[EXERCISE AIM]:
The records below need to be set down again exactly; their images stay out.

[DATA SHOWN]:
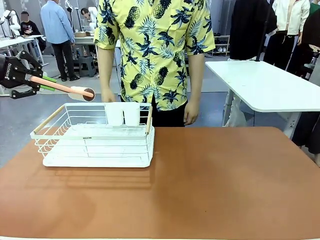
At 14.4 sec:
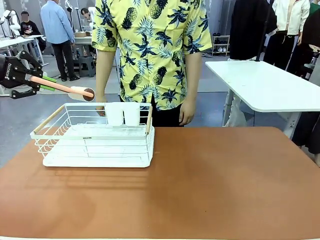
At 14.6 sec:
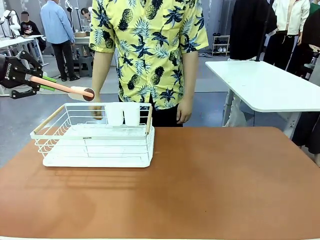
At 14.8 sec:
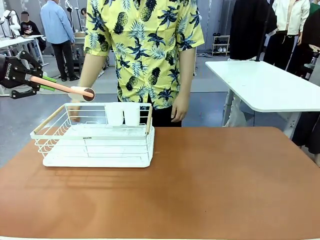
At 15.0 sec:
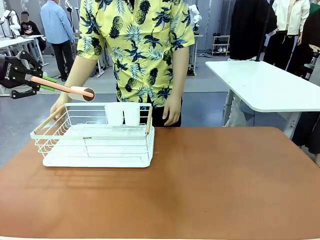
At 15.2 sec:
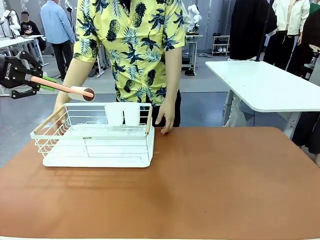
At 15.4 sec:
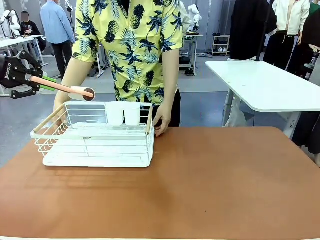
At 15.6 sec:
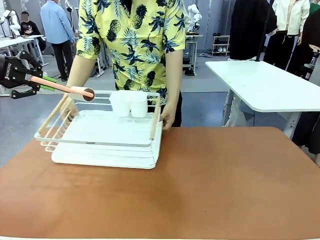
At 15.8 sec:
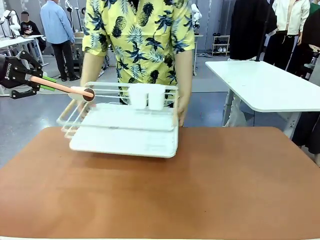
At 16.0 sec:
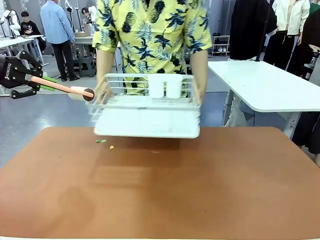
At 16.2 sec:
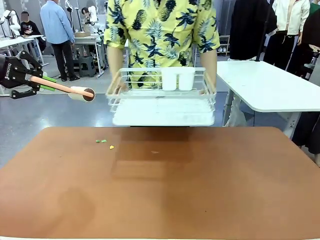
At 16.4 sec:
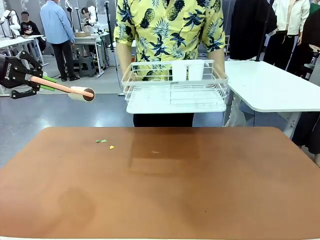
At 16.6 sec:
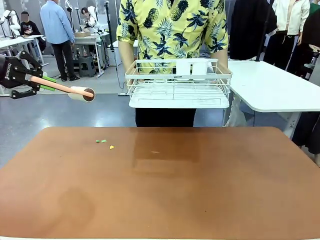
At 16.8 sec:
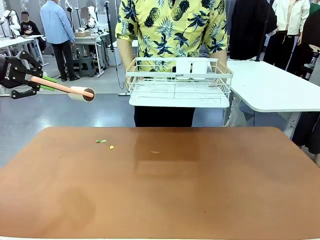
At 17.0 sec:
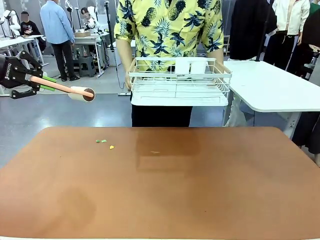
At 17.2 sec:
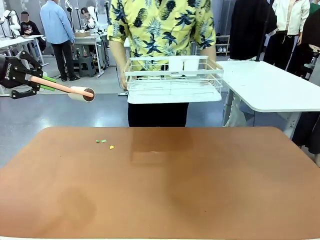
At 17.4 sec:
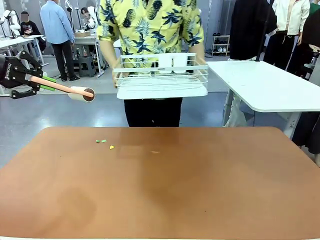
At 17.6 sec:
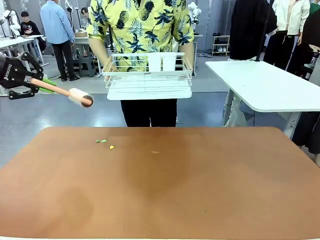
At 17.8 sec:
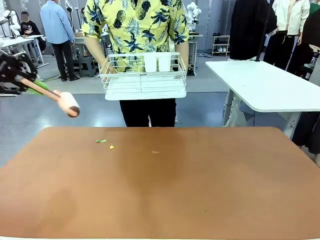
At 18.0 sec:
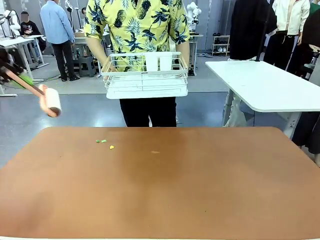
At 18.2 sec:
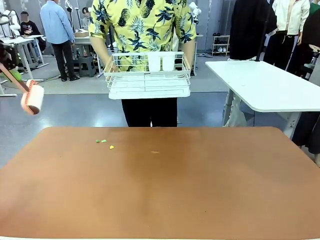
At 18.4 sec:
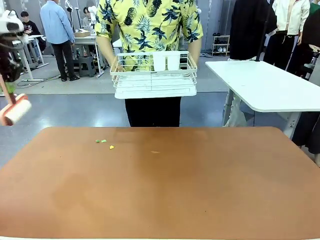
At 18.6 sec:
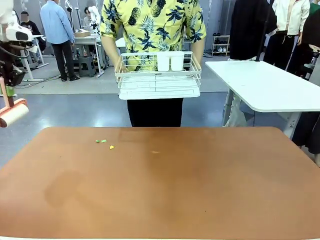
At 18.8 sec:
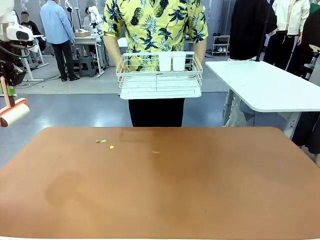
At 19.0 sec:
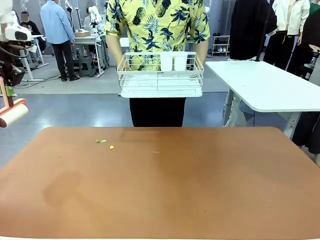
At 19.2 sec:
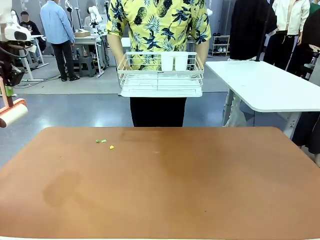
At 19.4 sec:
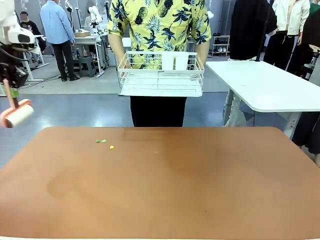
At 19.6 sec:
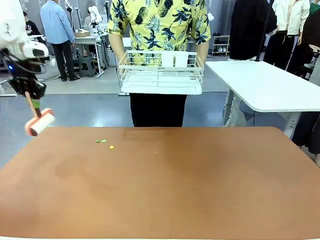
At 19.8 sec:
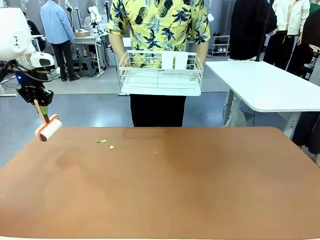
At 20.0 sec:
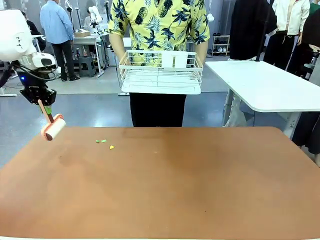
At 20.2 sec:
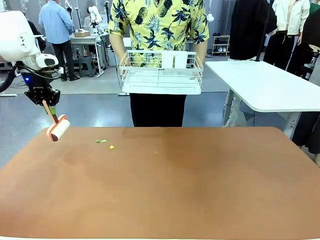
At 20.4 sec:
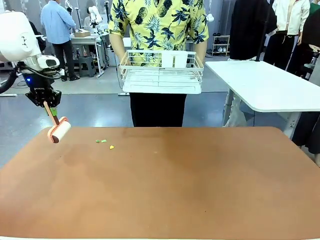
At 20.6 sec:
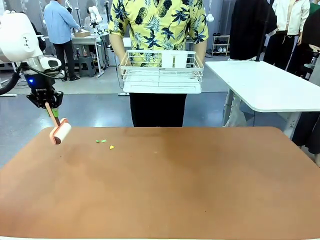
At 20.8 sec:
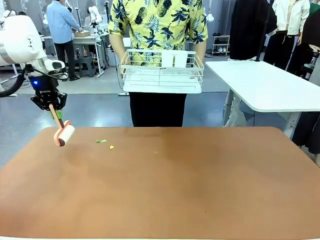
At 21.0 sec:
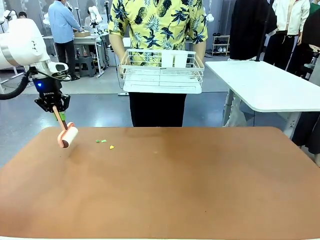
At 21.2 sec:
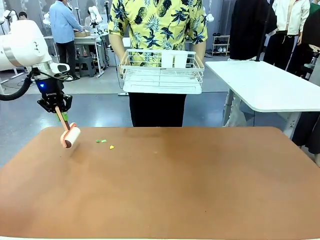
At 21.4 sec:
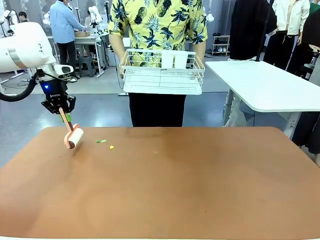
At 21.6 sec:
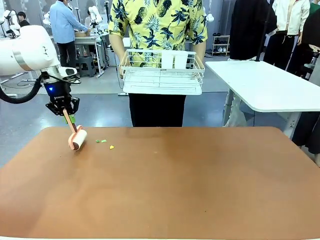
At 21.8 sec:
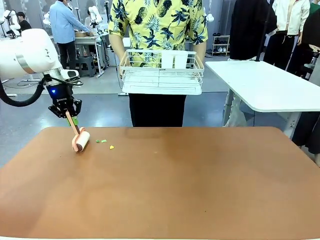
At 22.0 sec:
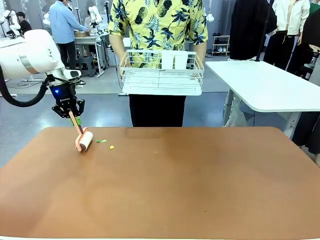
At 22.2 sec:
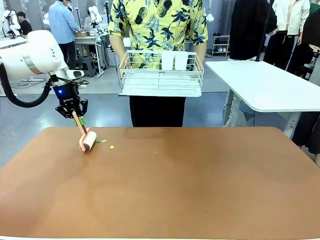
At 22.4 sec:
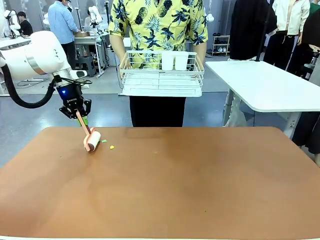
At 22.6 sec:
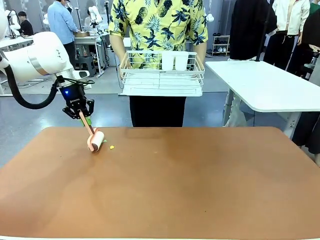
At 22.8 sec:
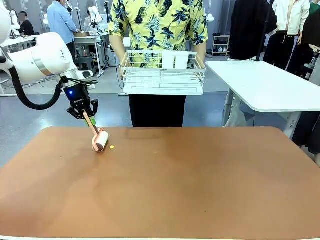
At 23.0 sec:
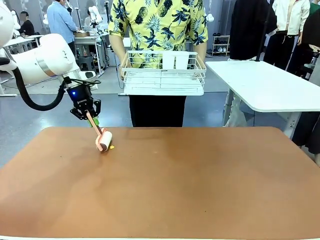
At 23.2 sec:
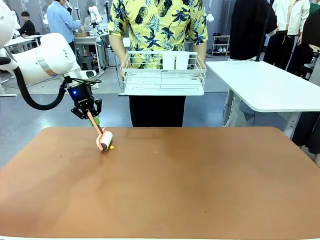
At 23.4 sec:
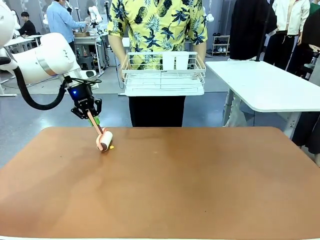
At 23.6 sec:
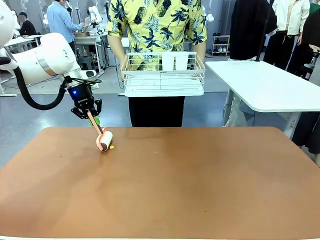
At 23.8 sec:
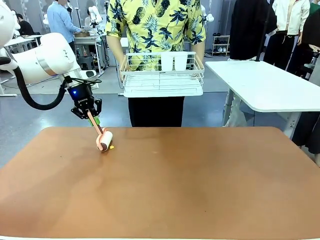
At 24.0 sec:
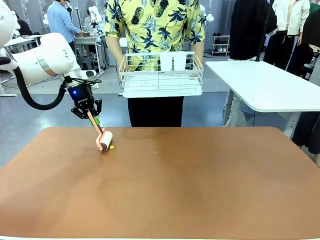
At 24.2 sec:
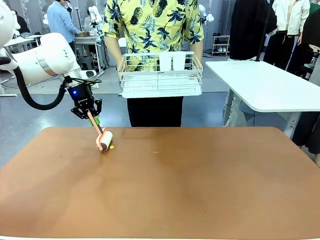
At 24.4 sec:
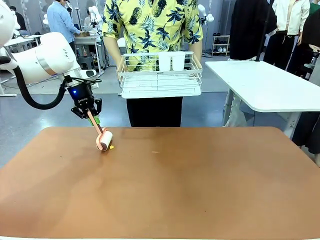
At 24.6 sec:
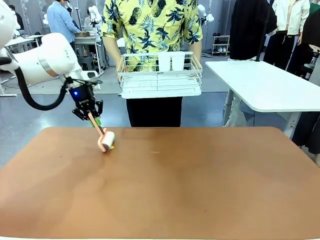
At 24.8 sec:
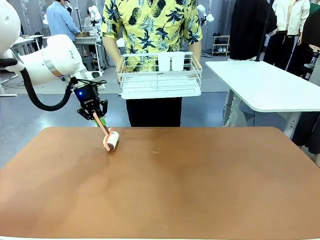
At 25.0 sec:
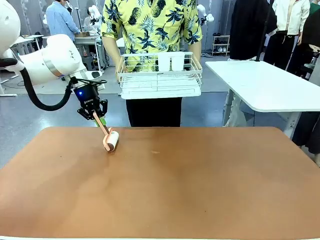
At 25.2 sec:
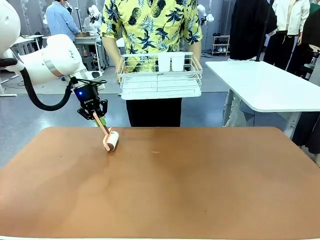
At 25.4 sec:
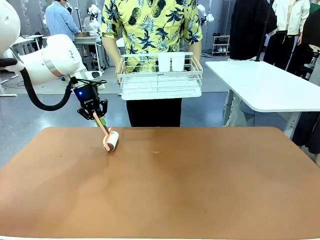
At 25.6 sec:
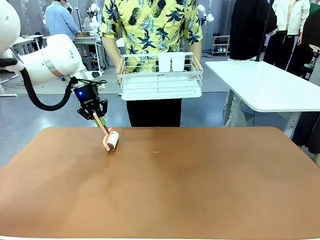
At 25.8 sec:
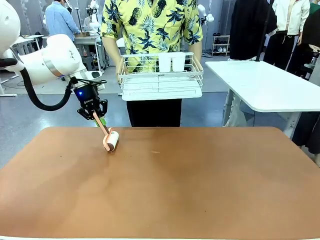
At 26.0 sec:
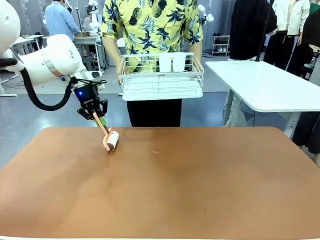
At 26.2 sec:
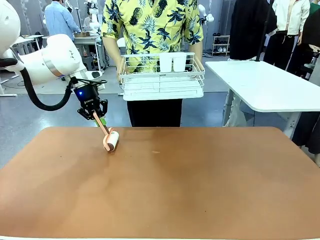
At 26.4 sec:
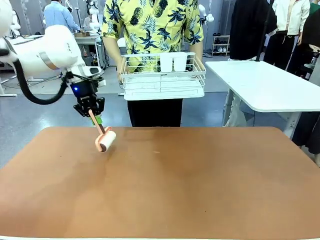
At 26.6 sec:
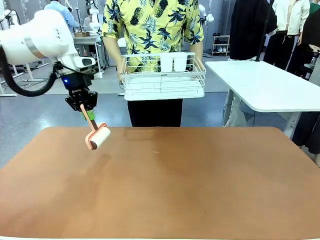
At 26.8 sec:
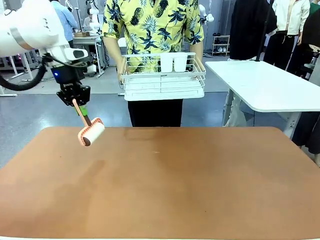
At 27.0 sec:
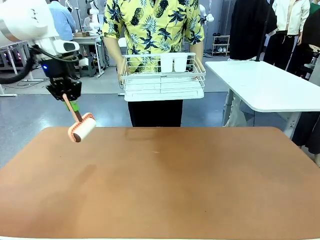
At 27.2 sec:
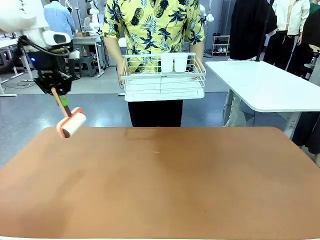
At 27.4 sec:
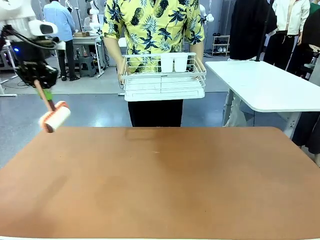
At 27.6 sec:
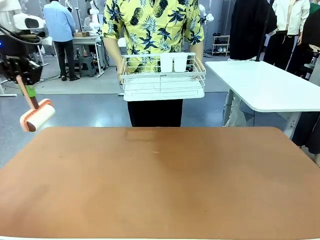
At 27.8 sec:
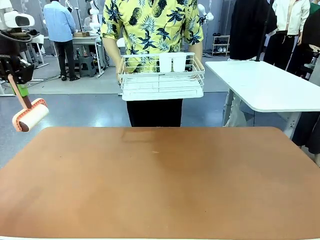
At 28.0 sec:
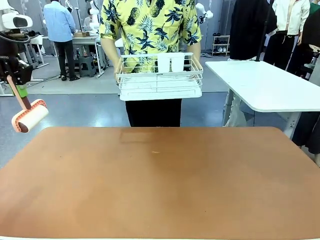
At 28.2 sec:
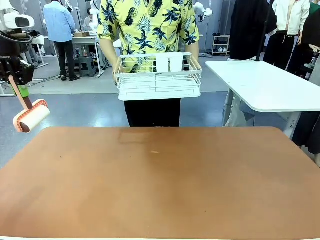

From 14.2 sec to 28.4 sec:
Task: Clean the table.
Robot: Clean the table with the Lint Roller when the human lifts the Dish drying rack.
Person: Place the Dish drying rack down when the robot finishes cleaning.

[RESULT BELOW]:
At 14.4 sec:
At 14.6 sec:
At 14.8 sec:
At 15.0 sec:
At 15.2 sec:
At 15.4 sec:
At 15.6 sec:
At 15.8 sec:
At 16.0 sec:
At 16.2 sec:
At 16.4 sec:
At 16.6 sec:
At 16.8 sec:
At 17.0 sec:
At 17.2 sec:
At 17.4 sec:
At 17.6 sec:
At 17.8 sec:
At 18.0 sec:
At 18.2 sec:
At 18.4 sec:
At 18.6 sec:
At 18.8 sec:
At 19.0 sec:
At 19.2 sec:
At 19.4 sec:
At 19.6 sec:
At 19.8 sec:
At 20.0 sec:
At 20.2 sec:
At 20.4 sec:
At 20.6 sec:
At 20.8 sec:
At 21.0 sec:
At 21.2 sec:
At 21.4 sec:
At 21.6 sec:
At 21.8 sec:
At 22.0 sec:
At 22.2 sec:
At 22.4 sec:
At 22.6 sec:
At 22.8 sec:
At 23.0 sec:
At 23.2 sec:
At 23.4 sec:
At 23.6 sec:
At 23.8 sec:
At 24.0 sec:
At 24.2 sec:
At 24.4 sec:
At 24.6 sec:
At 24.8 sec:
At 25.0 sec:
At 25.2 sec:
At 25.4 sec:
At 25.6 sec:
At 25.8 sec:
At 26.0 sec:
At 26.2 sec:
At 26.4 sec:
At 26.6 sec:
At 26.8 sec:
At 27.0 sec:
At 27.2 sec:
At 27.4 sec:
At 27.6 sec:
At 27.8 sec:
At 28.0 sec:
At 28.2 sec:

From 14.2 sec to 28.4 sec:
Task: Clean the table.
Robot: Clean the table with the Lint Roller when the human lifts the Dish drying rack.
Person: Place the Dish drying rack down when the robot finishes cleaning.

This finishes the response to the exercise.